• _Exercise objective_: Leave the images aside and repeat the whole listing exactly.

• _Source material_:
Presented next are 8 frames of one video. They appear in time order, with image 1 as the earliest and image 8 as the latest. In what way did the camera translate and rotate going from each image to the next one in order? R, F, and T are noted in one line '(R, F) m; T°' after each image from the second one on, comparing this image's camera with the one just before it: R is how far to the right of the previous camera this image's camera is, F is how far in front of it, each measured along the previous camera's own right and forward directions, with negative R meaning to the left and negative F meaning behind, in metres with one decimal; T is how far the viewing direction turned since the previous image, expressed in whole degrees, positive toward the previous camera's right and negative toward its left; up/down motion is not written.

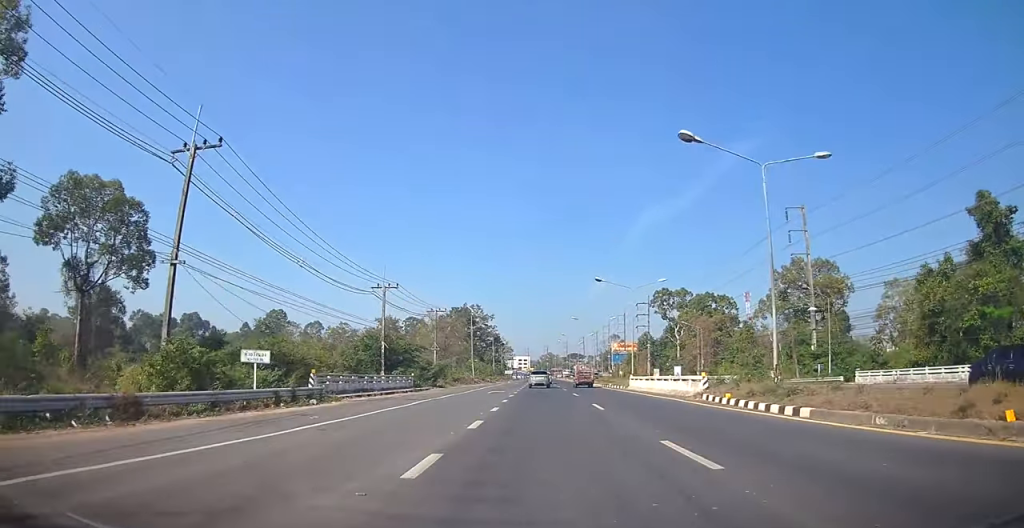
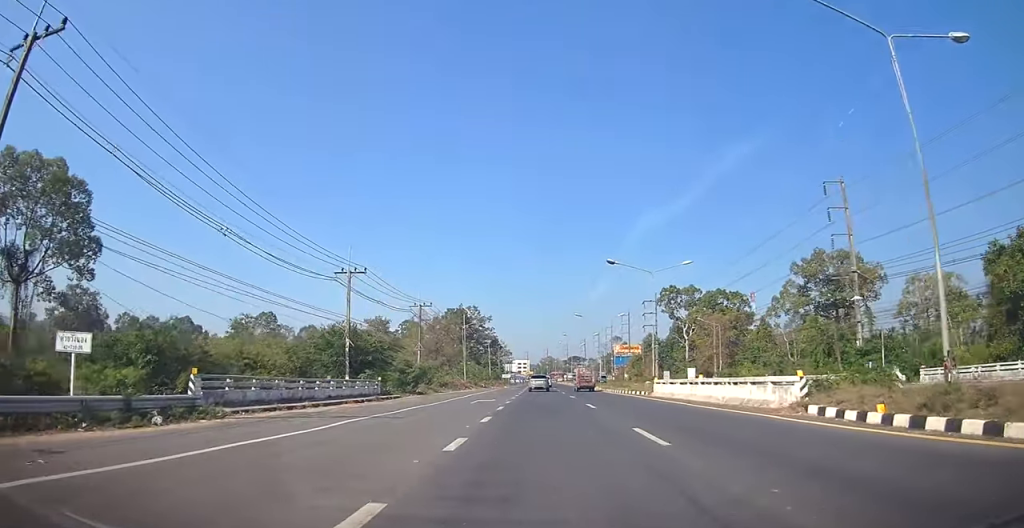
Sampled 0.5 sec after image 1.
(0.0, +9.6) m; 0°
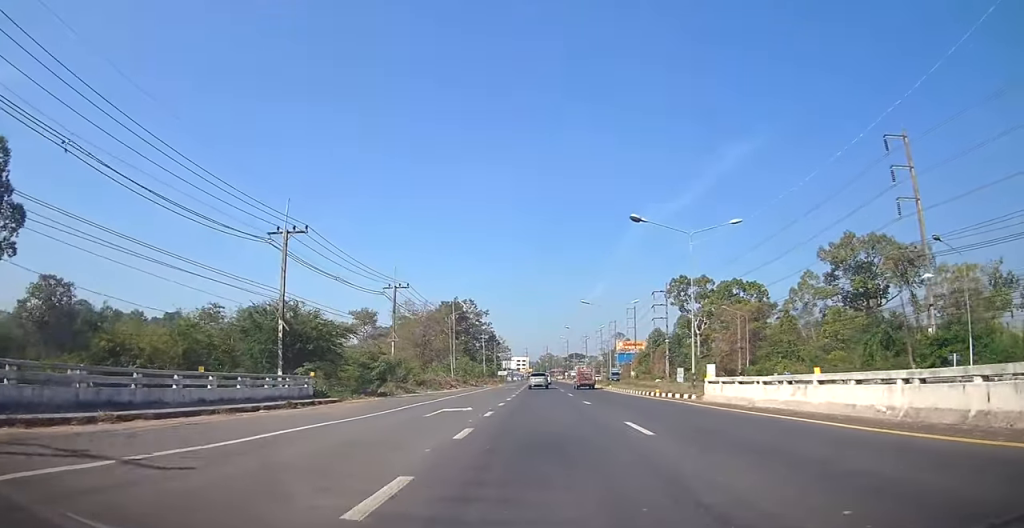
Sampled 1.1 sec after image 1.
(-0.1, +11.1) m; 0°
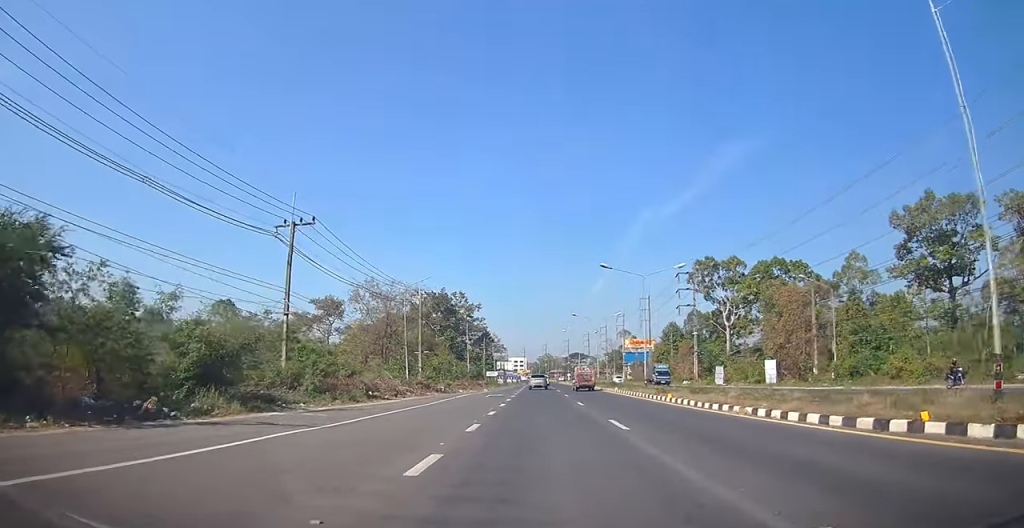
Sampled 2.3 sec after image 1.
(+0.1, +21.9) m; 0°
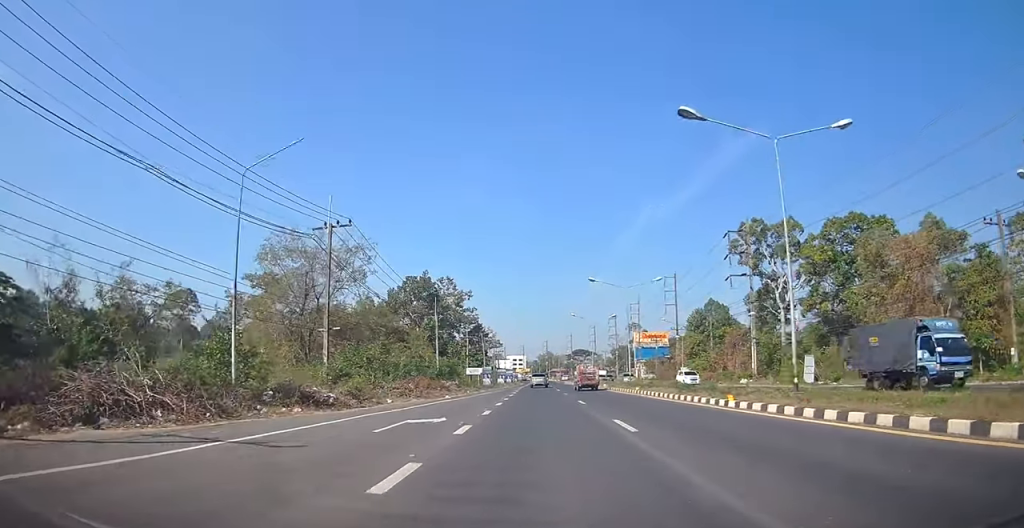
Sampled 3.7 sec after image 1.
(-0.4, +25.3) m; -2°
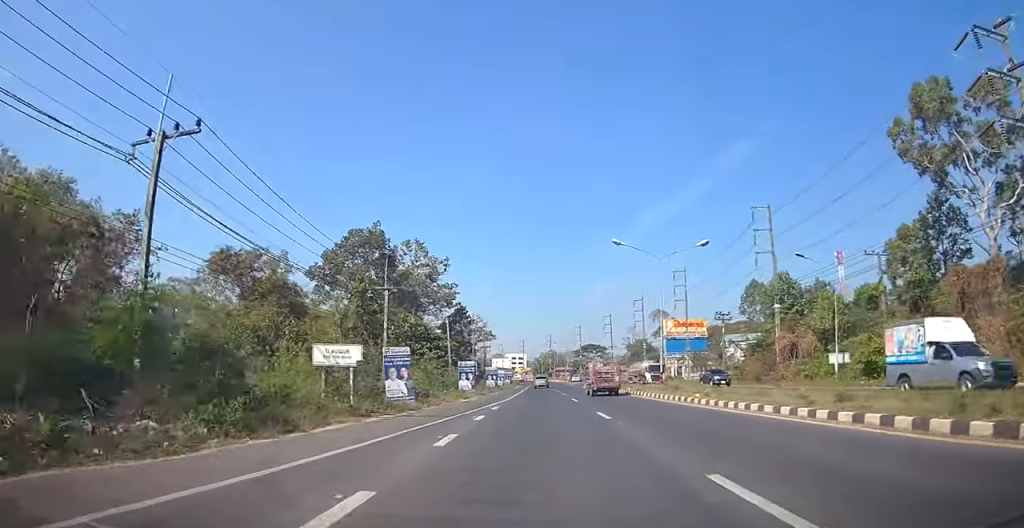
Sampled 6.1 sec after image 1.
(-1.8, +42.3) m; -4°
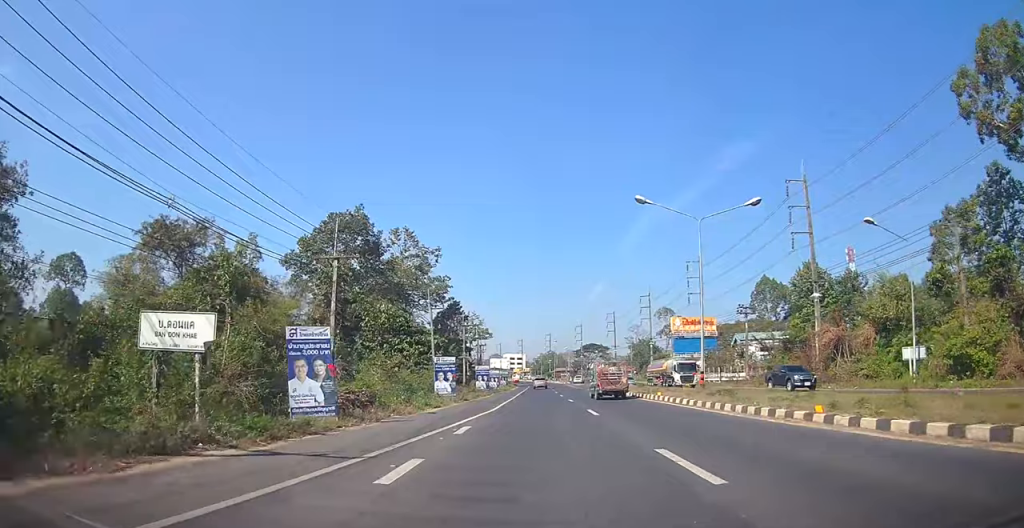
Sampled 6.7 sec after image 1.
(0.0, +8.9) m; 0°
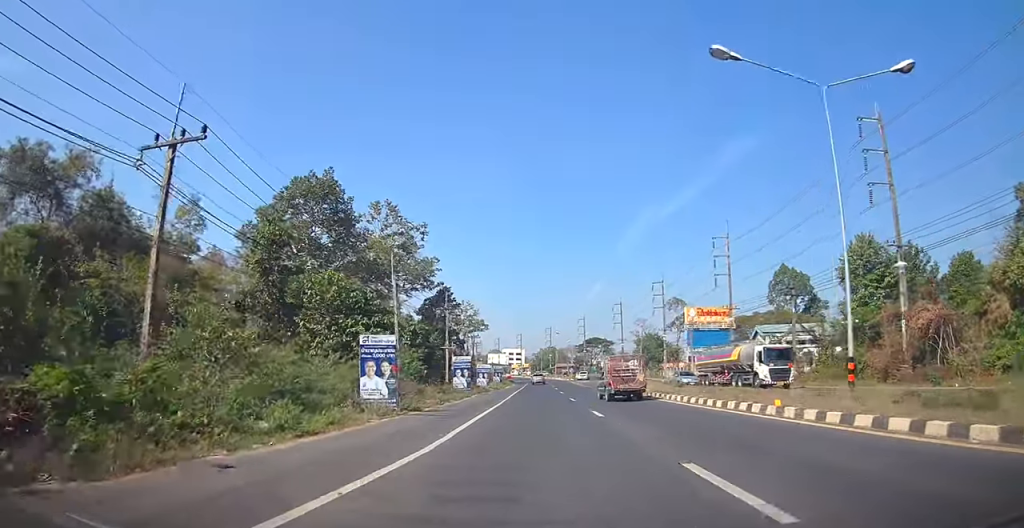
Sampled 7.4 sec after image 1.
(+0.1, +12.8) m; +1°
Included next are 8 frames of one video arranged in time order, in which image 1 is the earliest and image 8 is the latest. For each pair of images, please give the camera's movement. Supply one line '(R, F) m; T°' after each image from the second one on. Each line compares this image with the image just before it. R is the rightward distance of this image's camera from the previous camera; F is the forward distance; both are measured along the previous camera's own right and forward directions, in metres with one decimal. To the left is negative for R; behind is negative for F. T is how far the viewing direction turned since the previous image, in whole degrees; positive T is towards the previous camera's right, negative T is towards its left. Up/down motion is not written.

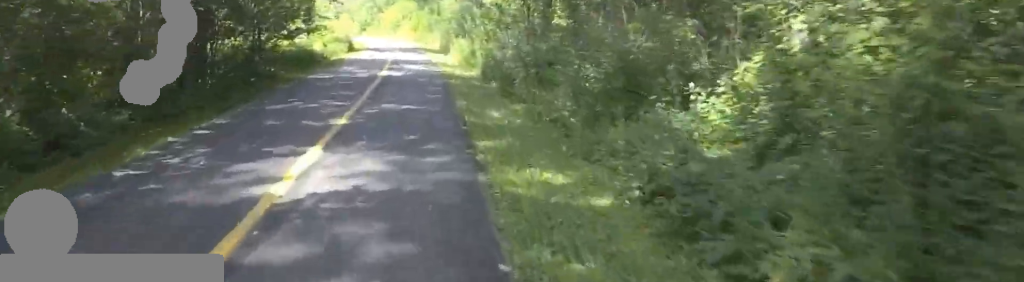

• _Exercise output_:
Presented next are 8 frames of one video. They appear in time order, with image 1 as the earliest and image 8 as the latest. In what way did the camera translate and rotate going from each image to the next one in order? R, F, and T are noted in one line '(R, F) m; T°' after each image from the second one on, comparing this image's camera with the one just before it: R is how far to the right of the previous camera this image's camera is, F is how far in front of it, each measured along the previous camera's own right and forward directions, with negative R meaning to the left and negative F meaning behind, in metres with one decimal; T is how far the viewing direction turned since the previous image, expressed in whole degrees, positive toward the previous camera's right and negative toward its left; up/down motion is not written.

Sampled 0.5 sec after image 1.
(0.0, +9.6) m; 0°
Sampled 1.1 sec after image 1.
(-0.1, +11.1) m; 0°
Sampled 2.3 sec after image 1.
(+0.1, +21.9) m; 0°
Sampled 3.7 sec after image 1.
(-0.4, +25.3) m; -2°
Sampled 6.1 sec after image 1.
(-1.8, +42.3) m; -4°
Sampled 6.7 sec after image 1.
(0.0, +8.9) m; 0°
Sampled 7.4 sec after image 1.
(+0.1, +12.8) m; +1°
Included next are 8 frames of one video arranged in time order, in which image 1 is the earliest and image 8 is the latest. For each pair of images, please give the camera's movement. Supply one line '(R, F) m; T°' after each image from the second one on. Each line compares this image with the image just before it. R is the rightward distance of this image's camera from the previous camera; F is the forward distance; both are measured along the previous camera's own right and forward directions, in metres with one decimal. To the left is negative for R; behind is negative for F. T is how far the viewing direction turned since the previous image, in whole degrees; positive T is towards the previous camera's right, negative T is towards its left. Up/down motion is not written.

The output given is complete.